### SUPPLIED DATA
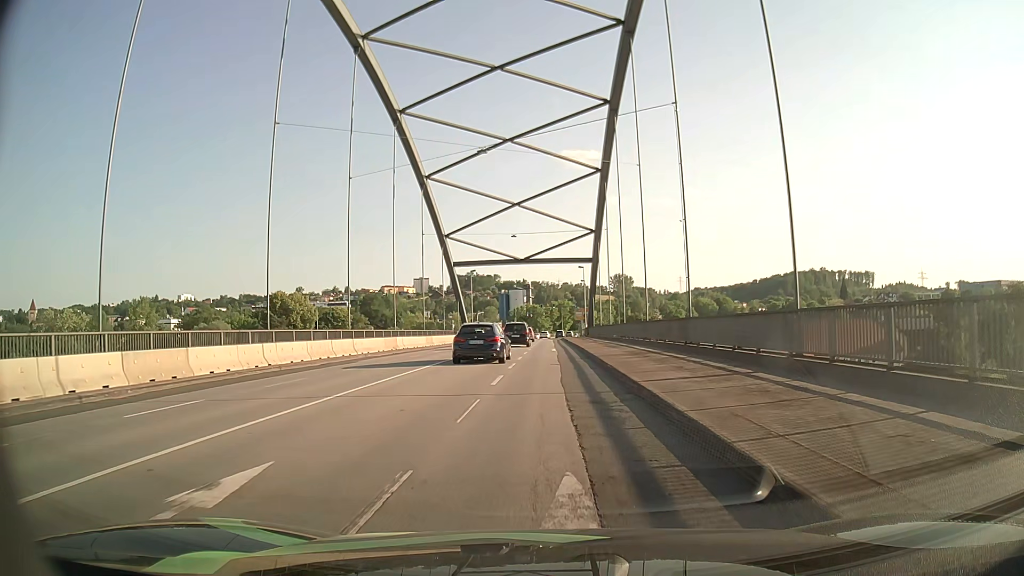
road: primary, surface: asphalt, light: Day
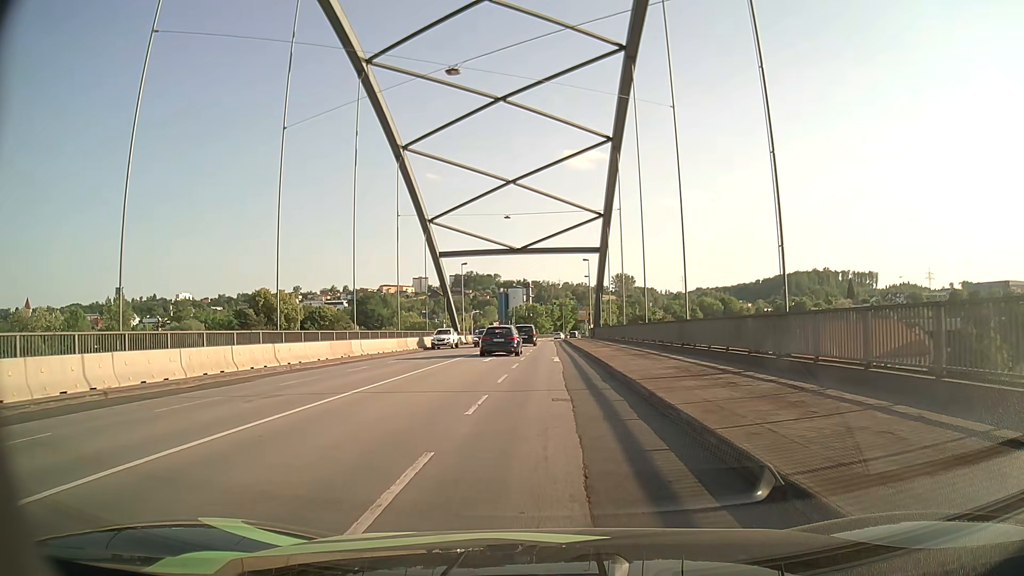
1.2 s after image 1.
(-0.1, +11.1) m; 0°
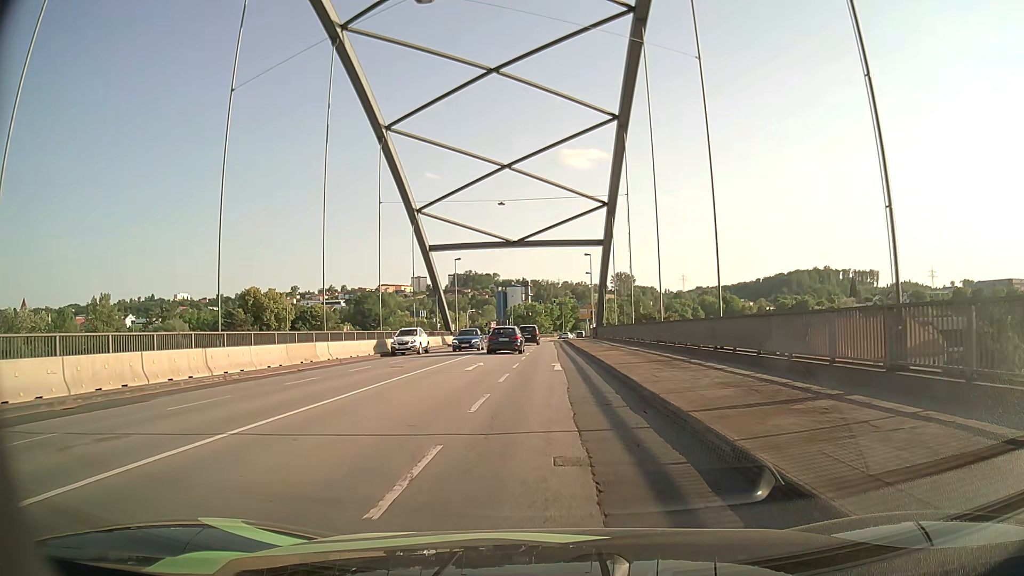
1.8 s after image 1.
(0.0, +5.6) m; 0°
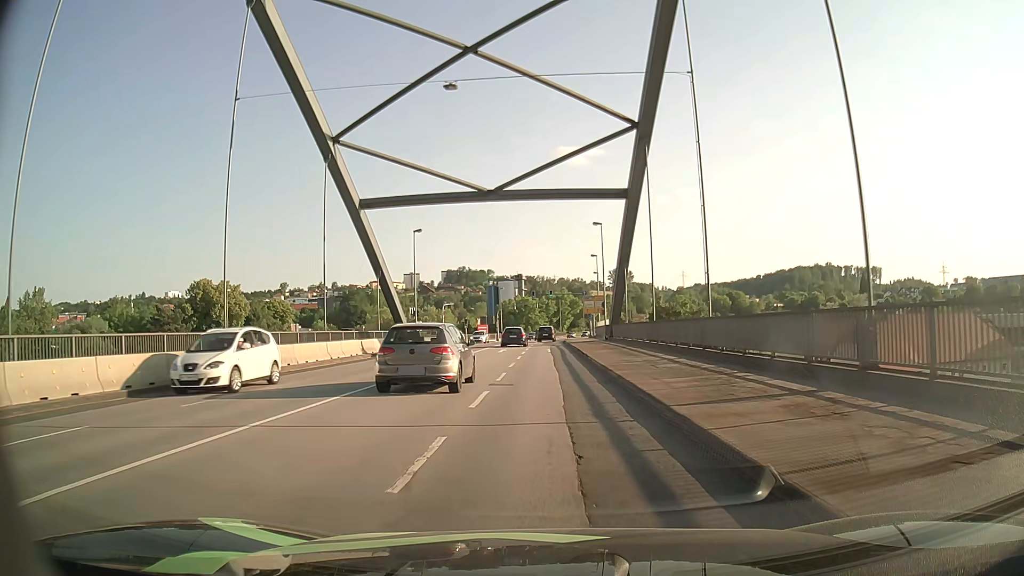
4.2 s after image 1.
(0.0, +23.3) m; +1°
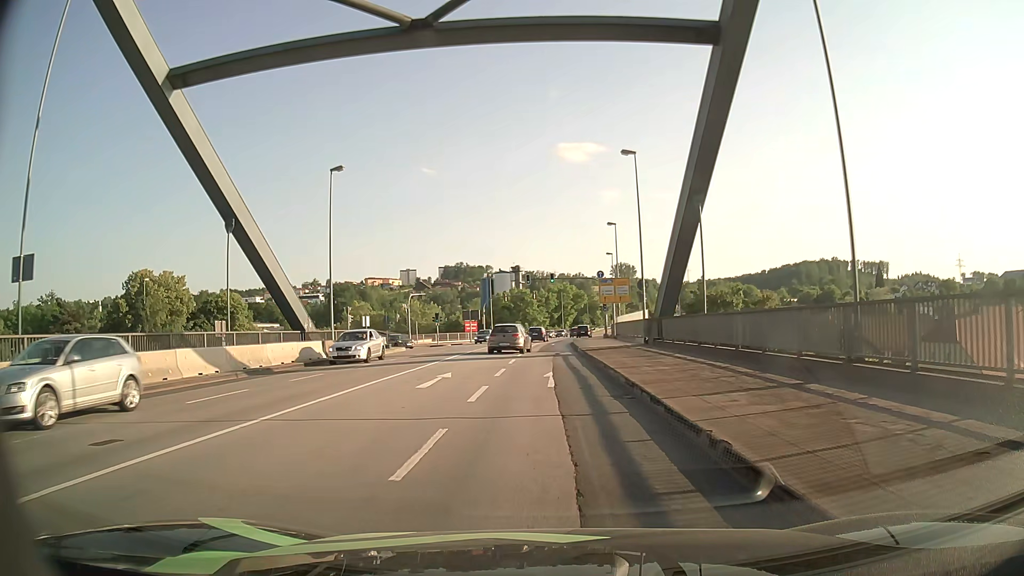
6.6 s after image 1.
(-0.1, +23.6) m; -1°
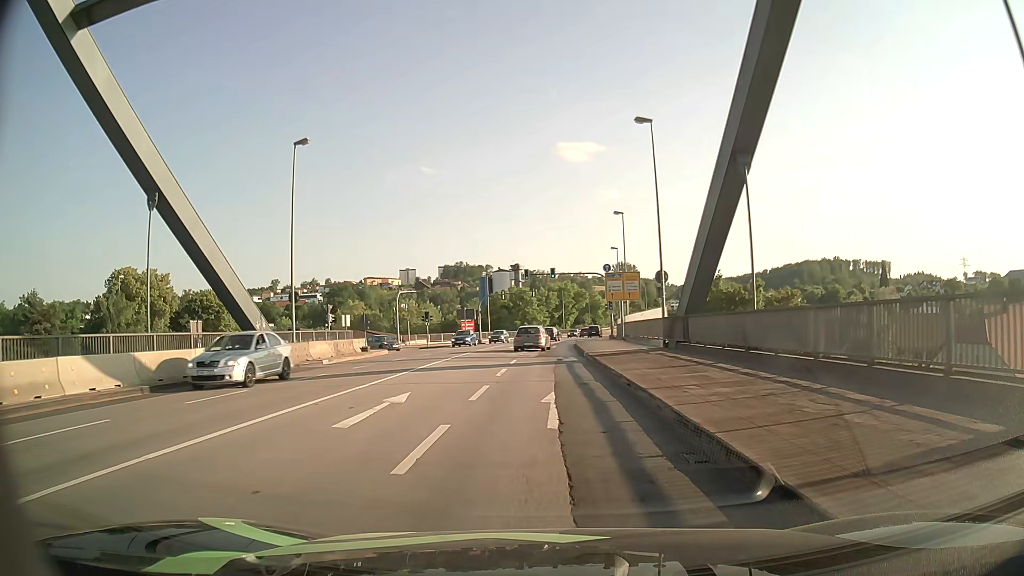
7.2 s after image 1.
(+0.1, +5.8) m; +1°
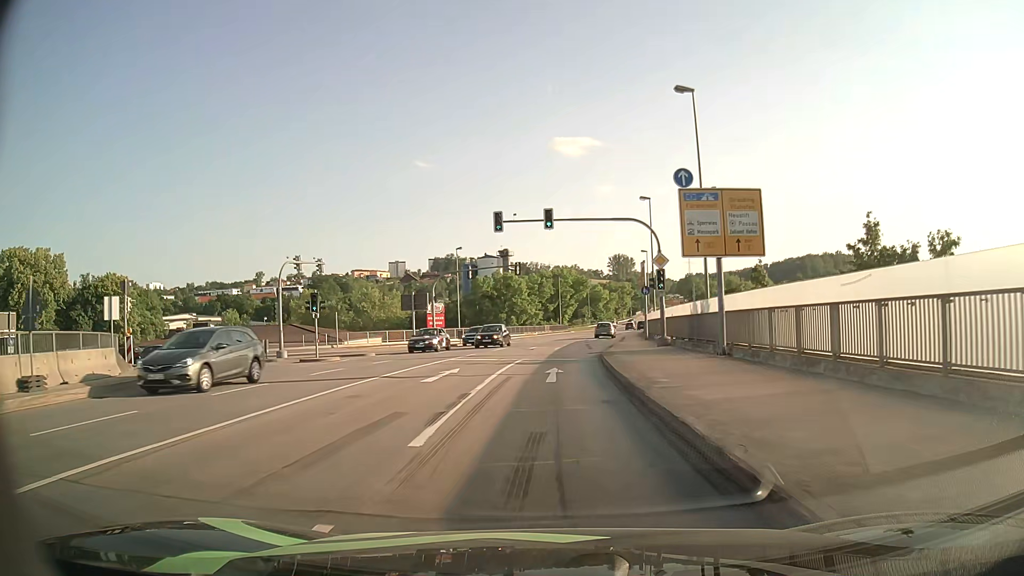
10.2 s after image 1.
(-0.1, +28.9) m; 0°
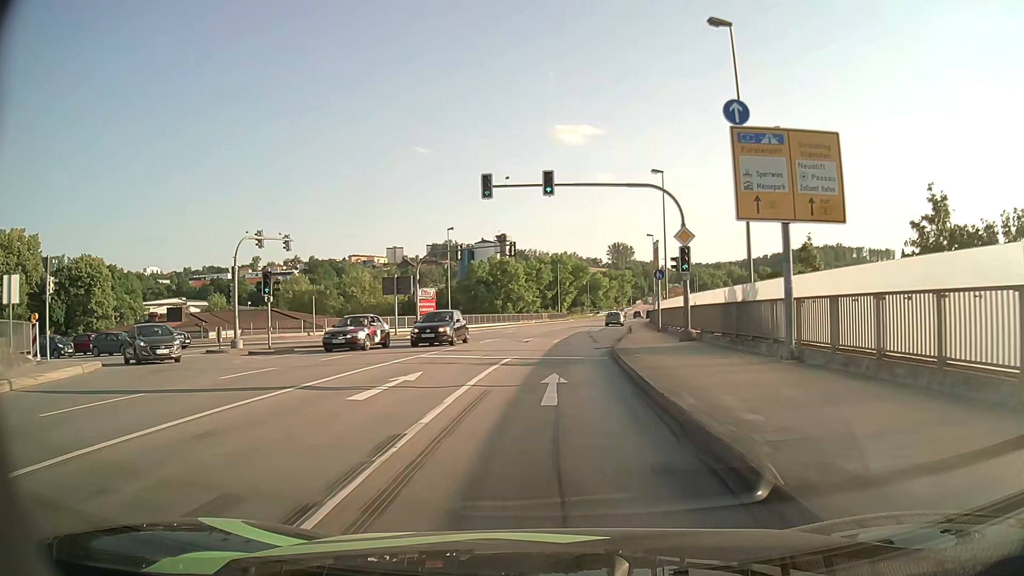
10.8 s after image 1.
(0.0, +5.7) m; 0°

### INSTRUCTIONS TO FOLLOW
Copy all of the data above exactly. Leave out every picture.

### OUTPUT OF THE TASK
road: primary, surface: asphalt, light: Day
1.2 s after image 1.
(-0.1, +11.1) m; 0°
1.8 s after image 1.
(0.0, +5.6) m; 0°
4.2 s after image 1.
(0.0, +23.3) m; +1°
6.6 s after image 1.
(-0.1, +23.6) m; -1°
7.2 s after image 1.
(+0.1, +5.8) m; +1°
10.2 s after image 1.
(-0.1, +28.9) m; 0°
10.8 s after image 1.
(0.0, +5.7) m; 0°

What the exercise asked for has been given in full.